Segment Start: EXERCISE INPUT

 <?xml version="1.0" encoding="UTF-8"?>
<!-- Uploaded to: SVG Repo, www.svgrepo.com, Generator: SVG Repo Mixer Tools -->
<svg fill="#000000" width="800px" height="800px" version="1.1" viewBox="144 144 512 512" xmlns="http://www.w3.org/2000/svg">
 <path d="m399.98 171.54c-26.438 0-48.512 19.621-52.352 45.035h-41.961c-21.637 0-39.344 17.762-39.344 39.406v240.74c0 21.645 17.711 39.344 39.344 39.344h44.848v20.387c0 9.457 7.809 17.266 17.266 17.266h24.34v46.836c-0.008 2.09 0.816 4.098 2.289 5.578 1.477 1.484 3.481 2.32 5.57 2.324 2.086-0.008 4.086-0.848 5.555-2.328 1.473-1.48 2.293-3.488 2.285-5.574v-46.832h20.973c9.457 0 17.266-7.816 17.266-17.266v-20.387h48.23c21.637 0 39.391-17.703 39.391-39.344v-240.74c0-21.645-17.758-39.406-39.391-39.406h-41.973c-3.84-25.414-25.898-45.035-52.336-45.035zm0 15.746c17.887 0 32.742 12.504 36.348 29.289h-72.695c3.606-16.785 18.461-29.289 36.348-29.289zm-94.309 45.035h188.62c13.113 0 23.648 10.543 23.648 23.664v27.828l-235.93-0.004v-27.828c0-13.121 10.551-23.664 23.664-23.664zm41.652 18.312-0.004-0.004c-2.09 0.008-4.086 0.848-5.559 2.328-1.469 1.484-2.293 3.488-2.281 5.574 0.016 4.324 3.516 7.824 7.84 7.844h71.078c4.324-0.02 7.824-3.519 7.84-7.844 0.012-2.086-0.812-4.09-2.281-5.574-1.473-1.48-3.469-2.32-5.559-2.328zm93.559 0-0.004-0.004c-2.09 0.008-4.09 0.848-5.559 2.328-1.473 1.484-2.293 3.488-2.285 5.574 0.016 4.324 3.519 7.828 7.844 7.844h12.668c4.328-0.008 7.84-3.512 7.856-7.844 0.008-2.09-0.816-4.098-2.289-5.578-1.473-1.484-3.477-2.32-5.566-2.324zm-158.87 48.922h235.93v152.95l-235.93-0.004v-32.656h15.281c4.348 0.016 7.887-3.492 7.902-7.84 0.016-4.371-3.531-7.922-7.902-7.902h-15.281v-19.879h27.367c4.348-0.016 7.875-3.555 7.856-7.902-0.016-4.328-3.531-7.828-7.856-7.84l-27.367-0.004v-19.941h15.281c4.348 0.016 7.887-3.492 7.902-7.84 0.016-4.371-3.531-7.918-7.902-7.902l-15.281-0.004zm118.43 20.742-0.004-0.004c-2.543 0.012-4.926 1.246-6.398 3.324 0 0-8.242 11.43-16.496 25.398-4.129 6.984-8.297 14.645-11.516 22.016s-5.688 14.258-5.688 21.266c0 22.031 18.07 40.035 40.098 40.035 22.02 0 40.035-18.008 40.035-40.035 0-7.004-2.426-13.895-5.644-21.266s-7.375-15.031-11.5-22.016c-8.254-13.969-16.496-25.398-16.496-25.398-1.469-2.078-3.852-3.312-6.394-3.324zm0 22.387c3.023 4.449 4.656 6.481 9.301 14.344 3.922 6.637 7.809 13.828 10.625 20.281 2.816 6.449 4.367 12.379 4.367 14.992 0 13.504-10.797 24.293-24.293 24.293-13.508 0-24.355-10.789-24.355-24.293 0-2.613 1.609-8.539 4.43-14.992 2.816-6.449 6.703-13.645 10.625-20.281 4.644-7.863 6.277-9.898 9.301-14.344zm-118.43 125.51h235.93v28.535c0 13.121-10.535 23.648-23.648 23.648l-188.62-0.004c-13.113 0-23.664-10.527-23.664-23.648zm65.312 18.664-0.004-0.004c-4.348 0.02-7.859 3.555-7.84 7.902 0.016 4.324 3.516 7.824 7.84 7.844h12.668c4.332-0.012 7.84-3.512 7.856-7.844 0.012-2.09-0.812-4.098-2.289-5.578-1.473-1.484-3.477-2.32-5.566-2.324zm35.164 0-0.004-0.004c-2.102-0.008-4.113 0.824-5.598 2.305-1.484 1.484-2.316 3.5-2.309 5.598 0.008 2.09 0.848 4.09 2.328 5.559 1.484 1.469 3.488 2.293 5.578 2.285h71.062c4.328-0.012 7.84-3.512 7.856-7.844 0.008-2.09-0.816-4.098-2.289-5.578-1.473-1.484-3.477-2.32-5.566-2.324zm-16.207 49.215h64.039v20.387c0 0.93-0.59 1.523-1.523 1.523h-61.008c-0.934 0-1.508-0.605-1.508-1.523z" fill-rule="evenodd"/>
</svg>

Segment End: EXERCISE INPUT

* [TASK INSTRUCTIONS]:
Reproduce each line above without any alteration.

* [EXERCISE OUTPUT]:
 <?xml version="1.0" encoding="UTF-8"?>
<!-- Uploaded to: SVG Repo, www.svgrepo.com, Generator: SVG Repo Mixer Tools -->
<svg fill="#000000" width="800px" height="800px" version="1.1" viewBox="144 144 512 512" xmlns="http://www.w3.org/2000/svg">
 <path d="m399.98 171.54c-26.438 0-48.512 19.621-52.352 45.035h-41.961c-21.637 0-39.344 17.762-39.344 39.406v240.74c0 21.645 17.711 39.344 39.344 39.344h44.848v20.387c0 9.457 7.809 17.266 17.266 17.266h24.34v46.836c-0.008 2.09 0.816 4.098 2.289 5.578 1.477 1.484 3.481 2.32 5.57 2.324 2.086-0.008 4.086-0.848 5.555-2.328 1.473-1.48 2.293-3.488 2.285-5.574v-46.832h20.973c9.457 0 17.266-7.816 17.266-17.266v-20.387h48.23c21.637 0 39.391-17.703 39.391-39.344v-240.74c0-21.645-17.758-39.406-39.391-39.406h-41.973c-3.84-25.414-25.898-45.035-52.336-45.035zm0 15.746c17.887 0 32.742 12.504 36.348 29.289h-72.695c3.606-16.785 18.461-29.289 36.348-29.289zm-94.309 45.035h188.62c13.113 0 23.648 10.543 23.648 23.664v27.828l-235.93-0.004v-27.828c0-13.121 10.551-23.664 23.664-23.664zm41.652 18.312-0.004-0.004c-2.09 0.008-4.086 0.848-5.559 2.328-1.469 1.484-2.293 3.488-2.281 5.574 0.016 4.324 3.516 7.824 7.84 7.844h71.078c4.324-0.02 7.824-3.519 7.84-7.844 0.012-2.086-0.812-4.09-2.281-5.574-1.473-1.48-3.469-2.32-5.559-2.328zm93.559 0-0.004-0.004c-2.09 0.008-4.09 0.848-5.559 2.328-1.473 1.484-2.293 3.488-2.285 5.574 0.016 4.324 3.519 7.828 7.844 7.844h12.668c4.328-0.008 7.84-3.512 7.856-7.844 0.008-2.09-0.816-4.098-2.289-5.578-1.473-1.484-3.477-2.32-5.566-2.324zm-158.87 48.922h235.93v152.95l-235.93-0.004v-32.656h15.281c4.348 0.016 7.887-3.492 7.902-7.84 0.016-4.371-3.531-7.922-7.902-7.902h-15.281v-19.879h27.367c4.348-0.016 7.875-3.555 7.856-7.902-0.016-4.328-3.531-7.828-7.856-7.84l-27.367-0.004v-19.941h15.281c4.348 0.016 7.887-3.492 7.902-7.84 0.016-4.371-3.531-7.918-7.902-7.902l-15.281-0.004zm118.43 20.742-0.004-0.004c-2.543 0.012-4.926 1.246-6.398 3.324 0 0-8.242 11.43-16.496 25.398-4.129 6.984-8.297 14.645-11.516 22.016s-5.688 14.258-5.688 21.266c0 22.031 18.07 40.035 40.098 40.035 22.02 0 40.035-18.008 40.035-40.035 0-7.004-2.426-13.895-5.644-21.266s-7.375-15.031-11.5-22.016c-8.254-13.969-16.496-25.398-16.496-25.398-1.469-2.078-3.852-3.312-6.394-3.324zm0 22.387c3.023 4.449 4.656 6.481 9.301 14.344 3.922 6.637 7.809 13.828 10.625 20.281 2.816 6.449 4.367 12.379 4.367 14.992 0 13.504-10.797 24.293-24.293 24.293-13.508 0-24.355-10.789-24.355-24.293 0-2.613 1.609-8.539 4.43-14.992 2.816-6.449 6.703-13.645 10.625-20.281 4.644-7.863 6.277-9.898 9.301-14.344zm-118.43 125.51h235.93v28.535c0 13.121-10.535 23.648-23.648 23.648l-188.62-0.004c-13.113 0-23.664-10.527-23.664-23.648zm65.312 18.664-0.004-0.004c-4.348 0.02-7.859 3.555-7.84 7.902 0.016 4.324 3.516 7.824 7.84 7.844h12.668c4.332-0.012 7.84-3.512 7.856-7.844 0.012-2.09-0.812-4.098-2.289-5.578-1.473-1.484-3.477-2.32-5.566-2.324zm35.164 0-0.004-0.004c-2.102-0.008-4.113 0.824-5.598 2.305-1.484 1.484-2.316 3.5-2.309 5.598 0.008 2.09 0.848 4.09 2.328 5.559 1.484 1.469 3.488 2.293 5.578 2.285h71.062c4.328-0.012 7.84-3.512 7.856-7.844 0.008-2.09-0.816-4.098-2.289-5.578-1.473-1.484-3.477-2.32-5.566-2.324zm-16.207 49.215h64.039v20.387c0 0.93-0.59 1.523-1.523 1.523h-61.008c-0.934 0-1.508-0.605-1.508-1.523z" fill-rule="evenodd"/>
</svg>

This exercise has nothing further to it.